Chapter 42
Chapter Forty-Two
Kallias
Ronan stayed with me that night. I curled back to back with him, as I had countless times in childhood, though now his dragon soared somewhere above, cutting through the star-drenched sky, not tucked around us, shielding Draconis children from the harsh realities of war.
With his steady presence, I drifted in and out of a fitful sleep—too heavy with exhaustion to stay awake—but incapable of true rest with my mind tethered to Kallias, knowing he was out there somewhere, fighting while I lay here.
I bolted upright in the middle of the night, a sudden jolt tearing me from dreams into a waking vision of Velli piling on my husband, shark teeth sinking into his flesh. The sight drifted across my vision like smoke, and my brother’s hands caught me.
“Easy, sister.” His grip on my shoulders anchored me, easing the tremor in my chest as frantic breaths heaved and rattled. “His light shines in the night. Gyrak is keeping the dragons away, tracking his progress.”
I dropped a hand to my stomach, then lifted it just in time, pressing it against my heart instead. Ronan didn’t need to know everything yet. “He’s moving?”
“Taken two levels already. Moves fast for an old man.” He eased me back onto the bed, the sheets cool against my skin. “Now, sleep.
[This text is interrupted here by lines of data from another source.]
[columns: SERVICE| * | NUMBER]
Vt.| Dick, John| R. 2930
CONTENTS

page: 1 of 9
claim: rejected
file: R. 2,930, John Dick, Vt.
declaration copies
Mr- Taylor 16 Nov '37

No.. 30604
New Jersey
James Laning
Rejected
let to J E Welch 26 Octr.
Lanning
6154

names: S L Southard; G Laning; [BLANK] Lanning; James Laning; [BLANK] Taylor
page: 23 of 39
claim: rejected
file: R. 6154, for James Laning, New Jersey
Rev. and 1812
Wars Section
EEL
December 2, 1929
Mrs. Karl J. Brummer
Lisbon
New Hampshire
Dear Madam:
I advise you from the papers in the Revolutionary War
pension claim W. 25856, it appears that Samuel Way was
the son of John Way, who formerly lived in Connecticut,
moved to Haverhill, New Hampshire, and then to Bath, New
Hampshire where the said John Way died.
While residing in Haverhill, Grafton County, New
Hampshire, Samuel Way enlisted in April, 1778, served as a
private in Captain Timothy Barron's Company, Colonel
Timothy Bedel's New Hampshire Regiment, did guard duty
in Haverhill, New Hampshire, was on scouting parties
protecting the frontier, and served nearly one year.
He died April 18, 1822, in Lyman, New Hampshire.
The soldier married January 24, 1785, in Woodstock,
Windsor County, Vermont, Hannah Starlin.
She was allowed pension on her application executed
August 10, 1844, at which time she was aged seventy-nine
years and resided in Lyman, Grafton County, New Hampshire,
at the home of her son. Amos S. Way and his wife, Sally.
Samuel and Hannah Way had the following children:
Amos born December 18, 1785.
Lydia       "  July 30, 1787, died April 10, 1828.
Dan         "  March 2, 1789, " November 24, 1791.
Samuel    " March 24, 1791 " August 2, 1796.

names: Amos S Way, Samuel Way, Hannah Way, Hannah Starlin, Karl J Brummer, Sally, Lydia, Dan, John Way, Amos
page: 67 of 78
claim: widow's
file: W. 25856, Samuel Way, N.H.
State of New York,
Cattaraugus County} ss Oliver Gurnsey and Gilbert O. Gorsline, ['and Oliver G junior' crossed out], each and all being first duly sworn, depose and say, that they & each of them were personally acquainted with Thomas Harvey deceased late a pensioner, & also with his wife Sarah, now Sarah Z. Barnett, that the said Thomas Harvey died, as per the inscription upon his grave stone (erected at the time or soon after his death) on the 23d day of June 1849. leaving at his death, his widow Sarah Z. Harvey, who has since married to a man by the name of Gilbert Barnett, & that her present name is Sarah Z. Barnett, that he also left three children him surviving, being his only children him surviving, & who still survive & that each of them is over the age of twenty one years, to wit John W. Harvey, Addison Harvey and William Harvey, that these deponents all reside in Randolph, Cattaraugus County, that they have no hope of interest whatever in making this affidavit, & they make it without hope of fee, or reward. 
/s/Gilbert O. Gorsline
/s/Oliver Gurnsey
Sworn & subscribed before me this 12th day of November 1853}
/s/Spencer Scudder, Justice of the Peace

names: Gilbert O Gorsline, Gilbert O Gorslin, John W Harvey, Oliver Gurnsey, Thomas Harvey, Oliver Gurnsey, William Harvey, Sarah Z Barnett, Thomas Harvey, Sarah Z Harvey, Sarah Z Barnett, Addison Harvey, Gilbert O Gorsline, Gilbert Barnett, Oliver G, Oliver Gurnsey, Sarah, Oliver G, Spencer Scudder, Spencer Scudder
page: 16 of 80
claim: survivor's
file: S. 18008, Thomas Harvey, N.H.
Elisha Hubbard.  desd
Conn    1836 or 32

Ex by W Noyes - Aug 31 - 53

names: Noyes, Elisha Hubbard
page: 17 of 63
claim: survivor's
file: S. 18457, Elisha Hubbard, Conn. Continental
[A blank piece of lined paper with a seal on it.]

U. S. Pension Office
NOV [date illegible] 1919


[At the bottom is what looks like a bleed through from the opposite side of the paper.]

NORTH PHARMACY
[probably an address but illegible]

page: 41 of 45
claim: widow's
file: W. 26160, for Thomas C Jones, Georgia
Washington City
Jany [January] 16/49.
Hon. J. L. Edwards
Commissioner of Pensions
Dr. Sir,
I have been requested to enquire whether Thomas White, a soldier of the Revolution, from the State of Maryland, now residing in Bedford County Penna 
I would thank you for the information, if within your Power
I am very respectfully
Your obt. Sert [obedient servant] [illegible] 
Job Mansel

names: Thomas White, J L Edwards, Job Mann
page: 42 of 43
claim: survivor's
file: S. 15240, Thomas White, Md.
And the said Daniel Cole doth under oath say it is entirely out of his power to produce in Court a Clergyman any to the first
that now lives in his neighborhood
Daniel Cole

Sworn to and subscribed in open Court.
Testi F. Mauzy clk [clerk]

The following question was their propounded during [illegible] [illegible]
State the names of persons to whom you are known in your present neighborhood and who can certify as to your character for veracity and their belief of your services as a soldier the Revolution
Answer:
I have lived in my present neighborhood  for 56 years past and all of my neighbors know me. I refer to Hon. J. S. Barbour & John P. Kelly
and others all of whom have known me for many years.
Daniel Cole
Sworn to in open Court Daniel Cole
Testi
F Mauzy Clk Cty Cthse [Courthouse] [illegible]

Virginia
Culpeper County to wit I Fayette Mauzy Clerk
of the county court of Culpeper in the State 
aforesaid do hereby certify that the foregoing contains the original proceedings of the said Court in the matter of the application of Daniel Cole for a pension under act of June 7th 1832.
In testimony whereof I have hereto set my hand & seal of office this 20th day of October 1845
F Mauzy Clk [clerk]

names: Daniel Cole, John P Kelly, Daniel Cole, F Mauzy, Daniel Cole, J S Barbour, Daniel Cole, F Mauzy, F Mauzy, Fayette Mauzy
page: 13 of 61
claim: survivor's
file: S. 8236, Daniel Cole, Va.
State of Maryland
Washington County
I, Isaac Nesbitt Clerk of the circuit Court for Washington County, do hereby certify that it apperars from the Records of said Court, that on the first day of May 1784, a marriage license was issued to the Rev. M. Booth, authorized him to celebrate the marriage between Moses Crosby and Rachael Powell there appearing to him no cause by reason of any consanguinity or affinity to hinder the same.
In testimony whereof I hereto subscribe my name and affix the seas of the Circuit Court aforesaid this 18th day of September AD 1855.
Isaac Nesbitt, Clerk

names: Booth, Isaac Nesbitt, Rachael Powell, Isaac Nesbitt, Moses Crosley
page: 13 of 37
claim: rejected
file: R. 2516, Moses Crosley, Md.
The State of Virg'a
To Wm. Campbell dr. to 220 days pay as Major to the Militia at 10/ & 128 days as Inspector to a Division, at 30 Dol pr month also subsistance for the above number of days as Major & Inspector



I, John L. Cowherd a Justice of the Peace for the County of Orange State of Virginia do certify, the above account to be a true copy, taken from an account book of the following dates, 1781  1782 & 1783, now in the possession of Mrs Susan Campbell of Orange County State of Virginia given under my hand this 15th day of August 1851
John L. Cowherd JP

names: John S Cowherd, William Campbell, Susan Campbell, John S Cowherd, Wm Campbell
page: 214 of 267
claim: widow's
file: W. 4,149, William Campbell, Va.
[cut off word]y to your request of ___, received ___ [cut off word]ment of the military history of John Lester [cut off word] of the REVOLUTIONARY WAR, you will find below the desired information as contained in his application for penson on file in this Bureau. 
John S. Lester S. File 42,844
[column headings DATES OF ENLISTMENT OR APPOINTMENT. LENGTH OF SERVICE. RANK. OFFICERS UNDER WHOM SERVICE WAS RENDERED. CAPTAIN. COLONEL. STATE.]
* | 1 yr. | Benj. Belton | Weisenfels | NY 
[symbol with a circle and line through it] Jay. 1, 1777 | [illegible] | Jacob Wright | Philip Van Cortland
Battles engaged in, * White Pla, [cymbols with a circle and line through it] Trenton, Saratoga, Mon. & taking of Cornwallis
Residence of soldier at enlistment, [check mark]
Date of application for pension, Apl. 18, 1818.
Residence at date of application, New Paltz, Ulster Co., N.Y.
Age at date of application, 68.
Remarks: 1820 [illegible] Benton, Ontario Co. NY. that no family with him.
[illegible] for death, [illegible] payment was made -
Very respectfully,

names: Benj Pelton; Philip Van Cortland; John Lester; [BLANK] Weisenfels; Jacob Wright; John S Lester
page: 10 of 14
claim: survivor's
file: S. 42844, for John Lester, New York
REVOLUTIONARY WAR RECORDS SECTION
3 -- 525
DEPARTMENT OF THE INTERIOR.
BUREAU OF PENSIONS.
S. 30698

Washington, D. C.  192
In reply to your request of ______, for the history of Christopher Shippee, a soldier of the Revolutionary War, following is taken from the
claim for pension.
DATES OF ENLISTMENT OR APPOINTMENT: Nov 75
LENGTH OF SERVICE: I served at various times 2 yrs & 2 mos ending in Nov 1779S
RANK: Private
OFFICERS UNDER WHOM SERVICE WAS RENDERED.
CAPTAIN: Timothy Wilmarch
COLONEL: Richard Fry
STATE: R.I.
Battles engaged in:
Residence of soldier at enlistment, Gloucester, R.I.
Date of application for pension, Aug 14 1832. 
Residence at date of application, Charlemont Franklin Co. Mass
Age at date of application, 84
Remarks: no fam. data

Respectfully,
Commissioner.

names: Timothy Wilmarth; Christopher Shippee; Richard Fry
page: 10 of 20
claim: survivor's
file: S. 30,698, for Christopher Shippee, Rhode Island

Your dragons are watching over him.”
I rose before the sun, the horizon a blackened shadow.
Freya had managed to get inside the manor, her presence quiet and measured as she helped me dress, weaving my hair into tight braids pressed close to my scalp.
The tension in her movements weighed heavier than the early morning chill, her fingers moving with a restraint borne of unspoken fear.
I knew from experience how hard this was.
In Draconia, it was all too easy to be free with our words and feelings.
Dragons answered our beck and call. War was a distant echo, a story we might hear but never live.
Here, though, death loomed at every edge.
Steel clashed in the distance, and we relied on stone and iron for protection, the air thick with the smell of sweat, smoke, and smoldering fear.
It was far harder to keep that fearless fire alive in the face of so much destruction.
The Sols’ status hadn’t changed, though the Harvesters tended to them with care.
Their bodies bore bandages, skin flushed with a richer color than before, deep and vibrant, as if health had returned to replenish the blood that this brutal war drained from their veins.
I allowed a brief, grateful glance before turning toward the path that led to Sol.
Ronan stayed close, his fingers snapping at his side, small puffs of flame curling and blinking out in the cool morning air.
We didn’t take the mules Clay once offered, instead walking the long, winding trail, boots crunching over dust and stone, drawing us nearer to the distant cacophony of carnage.
At the beginning of the path, an outcropping blocked our view. We had to skirt the cleft of a jagged cliff before the city proper revealed itself.
It wasn’t the great white city I had once known.
Streaks of black marred the mountainside, scars scorched into the stone by dragonfire. Gyrak and the others swarmed nearby, silent vultures poised for a signal. Breon shot through the air, catching Tsunami’s claws mid-lunge and hurling her off her target—me.
She screamed, wings beating as she clawed toward the sky, where a sliver of daylight eased into view.
“She has been fine all night,” Ronan muttered, tension tightening his jaw. “Staying with the others, not causing trouble—leaving her toy alone.”
My fingers twitched, itching to grasp the dagger tucked beneath my dress. “It’s daybreak,” I murmured. “She’s anxious. Like the rest of them.”
He hummed, disbelief threaded through the sound, guiding me onward. The small plateaus of the mountain were barren, gates and fences torn to splinters. Bodies lay where they had fallen, charred armor and broken weapons indistinguishable. Were they Tallon’s men or Kallias’?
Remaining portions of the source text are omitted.